The contents of the document signed by President Trump offer few details on what happens next. It mentions the study of countries “likely to implement tax rules” which “disproportionately affect American companies”. The other certainty: the recommendations of the Treasury Department must be sent to it within 60 days. The next two months could therefore hold some surprises.
“How much will people believe it? Are we going to react by doing what he asks? Could this trigger a trade war? These are situations that are not currently impossible,” summarizes full professor in the accounting sciences department at HEC Montréal Jean-Pierre Vidal.
Two-pronged
This withdrawal by the United States concerns the agreement which has 140 signatories, including Canada. The treaty has two pillars.
The first should allow nations to tax multinationals that generate significant revenues on its territory without having a physical presence there, for example by offering digital services.
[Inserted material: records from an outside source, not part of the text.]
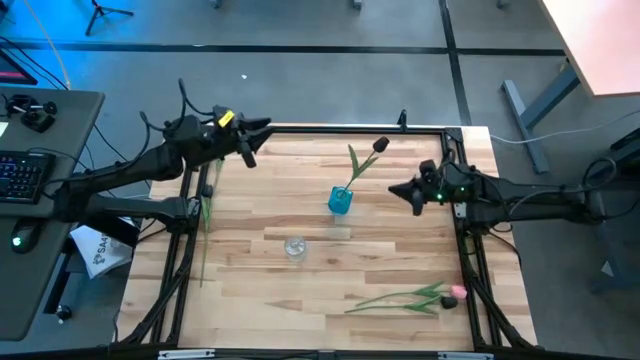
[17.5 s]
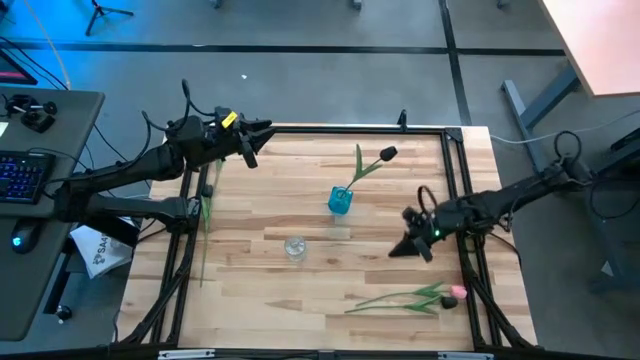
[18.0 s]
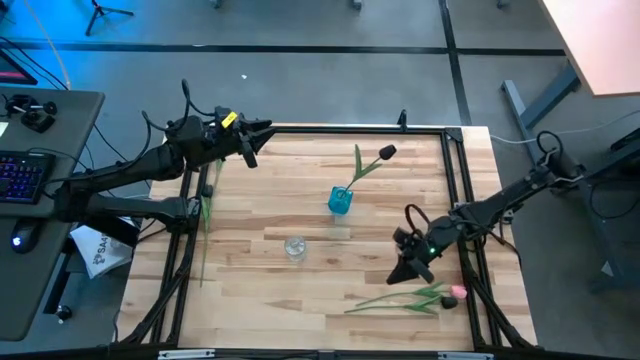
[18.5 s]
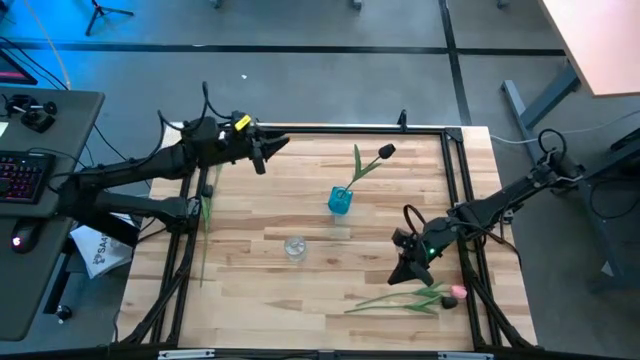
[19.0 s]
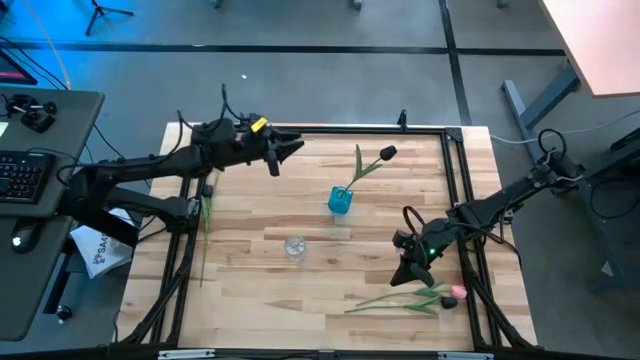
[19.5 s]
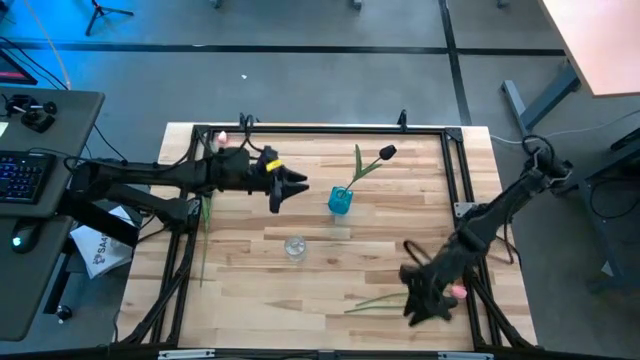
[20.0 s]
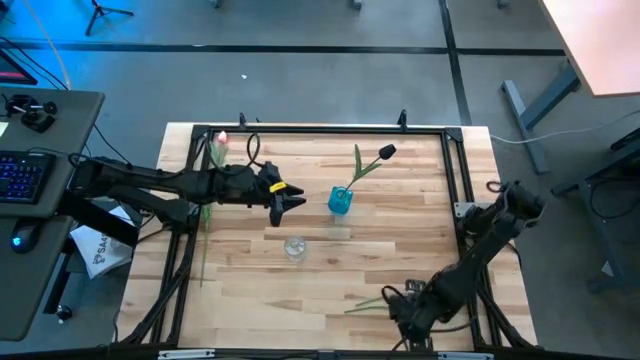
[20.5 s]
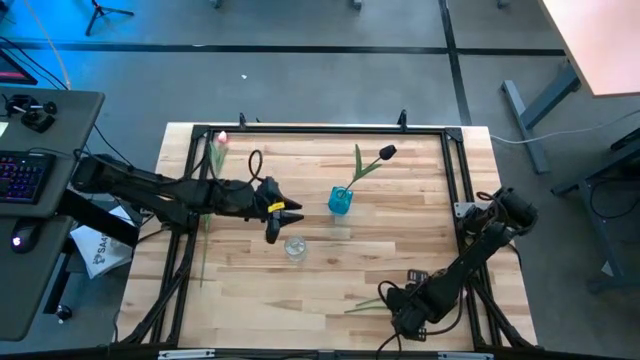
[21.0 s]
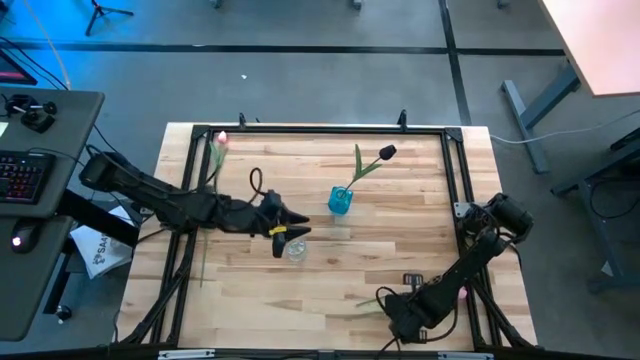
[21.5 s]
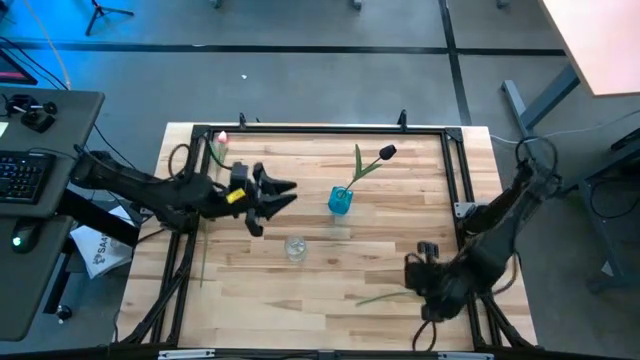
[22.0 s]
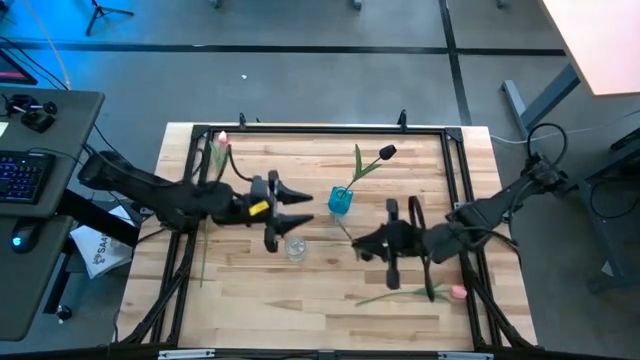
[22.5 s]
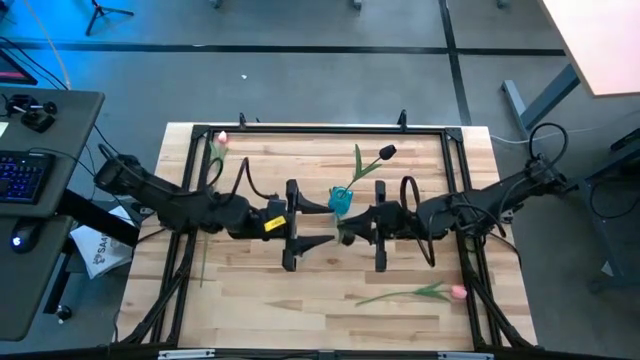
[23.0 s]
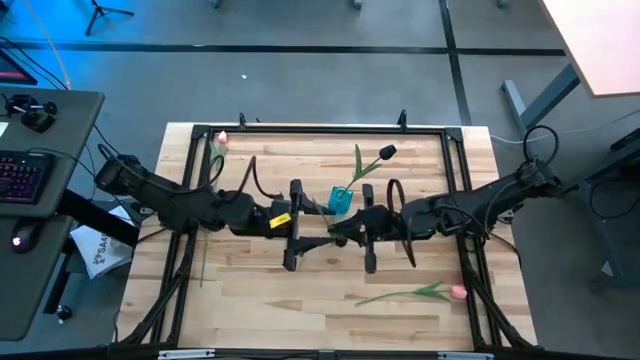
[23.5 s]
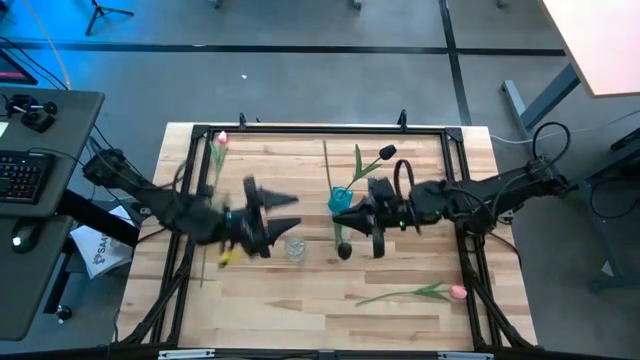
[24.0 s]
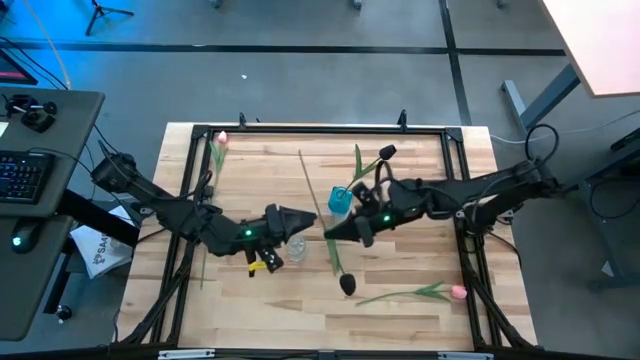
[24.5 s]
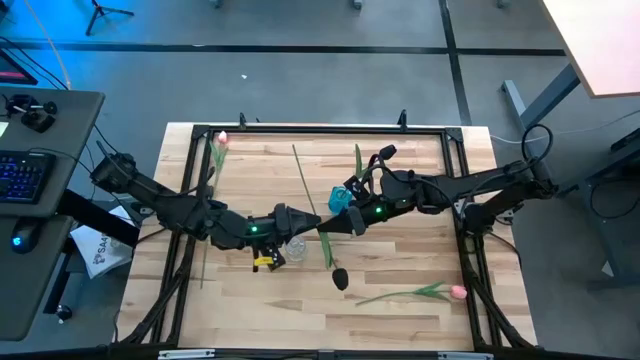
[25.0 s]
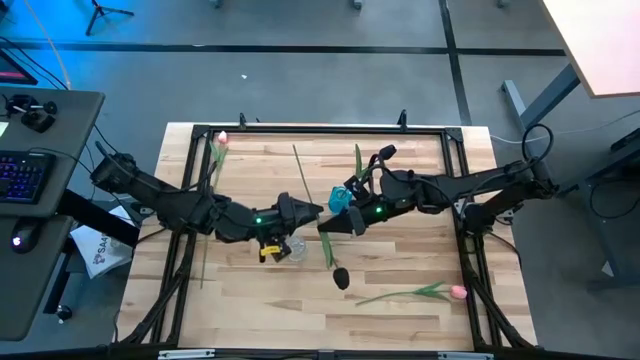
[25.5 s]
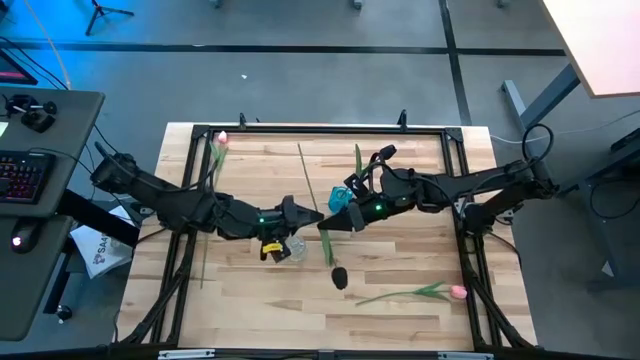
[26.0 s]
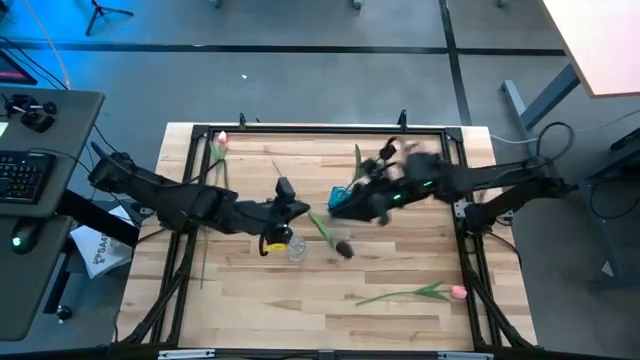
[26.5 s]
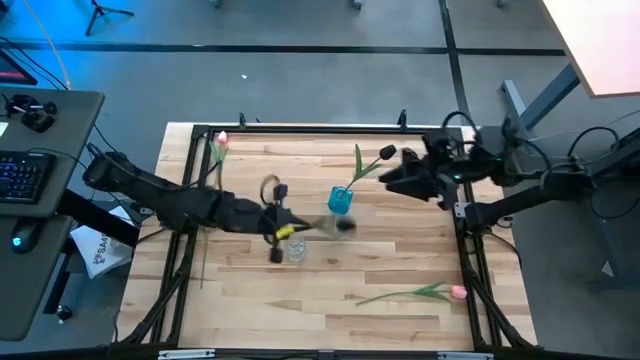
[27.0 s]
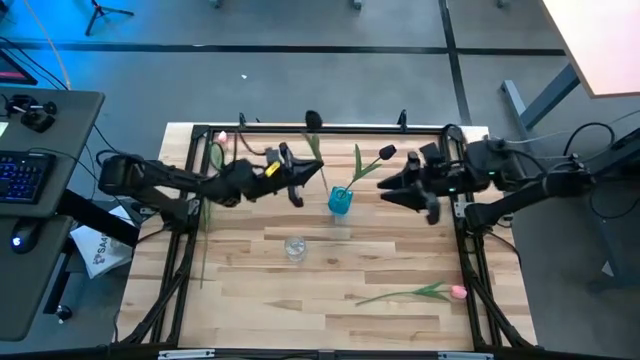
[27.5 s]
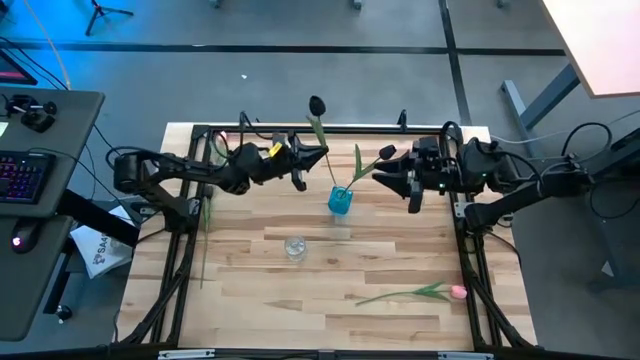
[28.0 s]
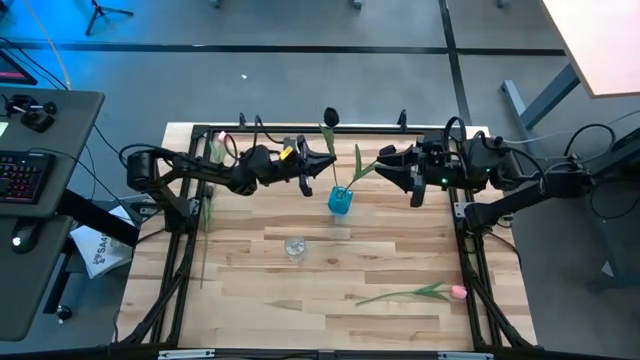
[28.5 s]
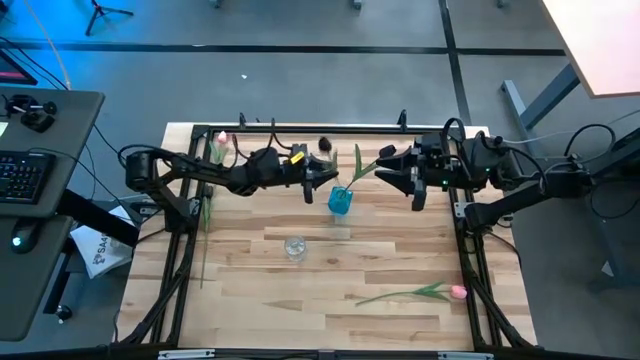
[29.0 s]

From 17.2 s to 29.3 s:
Task: Sort flowers into vase by color
Put the bottom black tulip into the blue vase

We can think of multinationals like Google, Facebook, Apple and Microsoft.
Under the second pillar, countries agree to tax the profits of all large companies with revenues above US$1 billion at a rate of 15%, everywhere in the world.
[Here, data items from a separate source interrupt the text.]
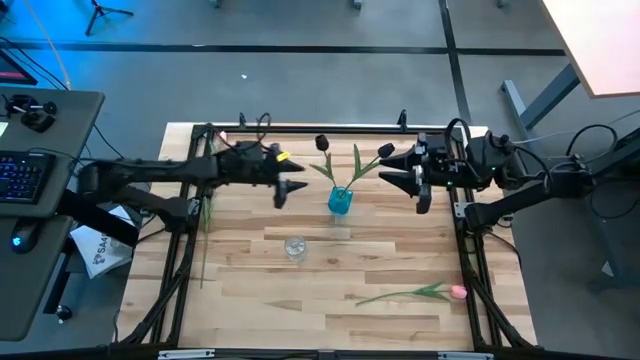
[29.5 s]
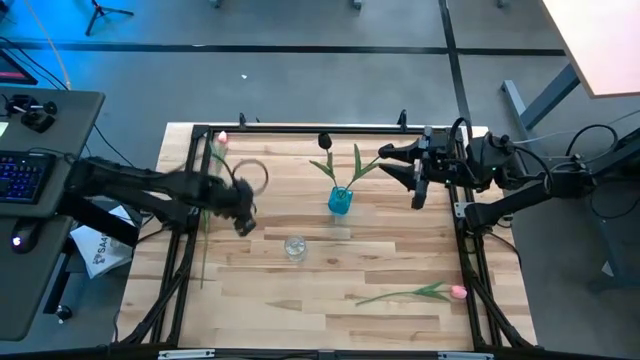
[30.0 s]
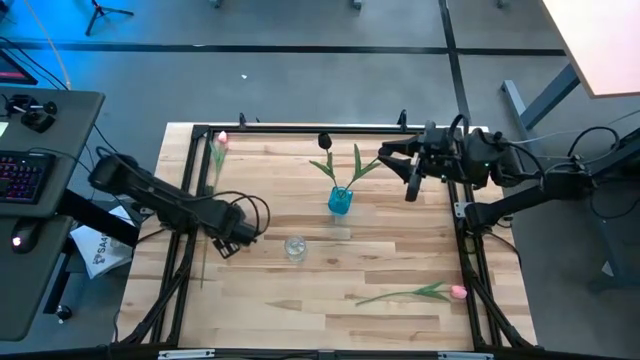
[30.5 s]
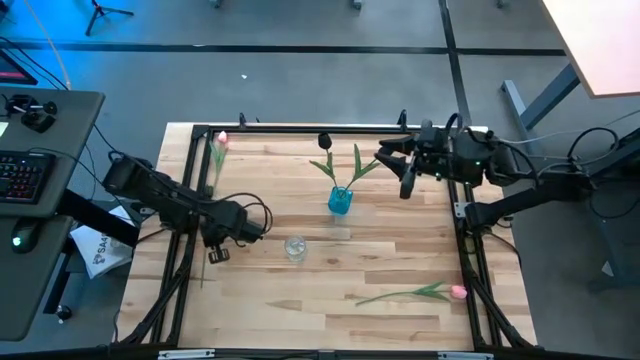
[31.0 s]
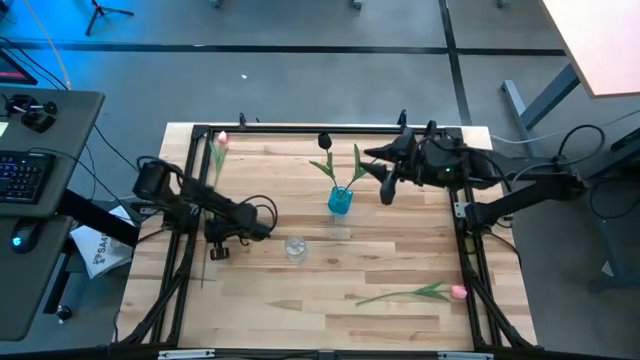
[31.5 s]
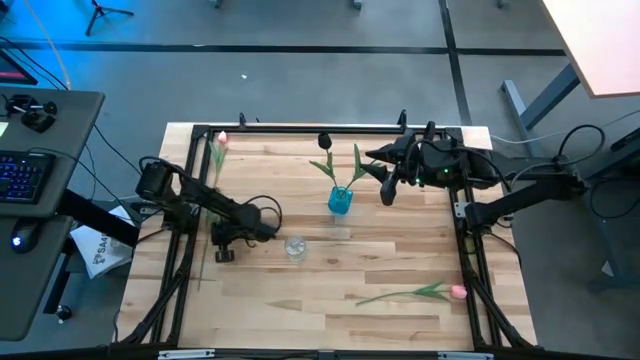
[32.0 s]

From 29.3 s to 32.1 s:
Put the black tulip into the blue vase

This component is progressing faster than the first pillar, which essentially targets digital giants. It officially came into force in a few countries, including Canada, in 2024. Regarding the component on large technological multinationals, there is still no international consensus on a single formula.
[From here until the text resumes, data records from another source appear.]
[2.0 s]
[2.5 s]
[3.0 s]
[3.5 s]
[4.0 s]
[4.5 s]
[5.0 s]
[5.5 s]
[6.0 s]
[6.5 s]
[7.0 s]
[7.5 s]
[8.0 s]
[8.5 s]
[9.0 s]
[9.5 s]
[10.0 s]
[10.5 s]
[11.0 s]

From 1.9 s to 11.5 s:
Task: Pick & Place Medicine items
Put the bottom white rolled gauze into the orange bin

Result: countries like Canada have decided to move forward with their own 3% tax. Domestically, the measure was adopted by Ottawa in June 2024, which sparked opposition from professional associations and business groups south of the border.
-“Mr. Trump does not mention the tax on digital services, but I understand that this would be covered by what will be studied in the United States,” underlines Lyne Latulippe, principal researcher at the Chair in Taxation and Public Finance at the University of Sherbrooke.
Favorable, but not a member
If the United States had signed international reform in 2021 while Democrat Joe Biden was in power, nothing had yet materialized south of the border, recalls Mme Latulippe.
“There were commitments, but nothing had been implemented,” she said. It was a signal to continue collaborating. The decree [du président Trump] seems to signal the end of cooperation. »
Difficult to know what will emerge from the work of the Treasury Department over the coming weeks, recognizes Mme Latulippe. One thing is certain, Washington is sending a clear signal, believes the specialist.
“We will keep an eye on this file,” says the researcher. It was already a little in the air. We will see, but what would the measures be? Will this fuel the threat of tariffs? Maybe, because I don’t know what protectionist measures could be put in place. »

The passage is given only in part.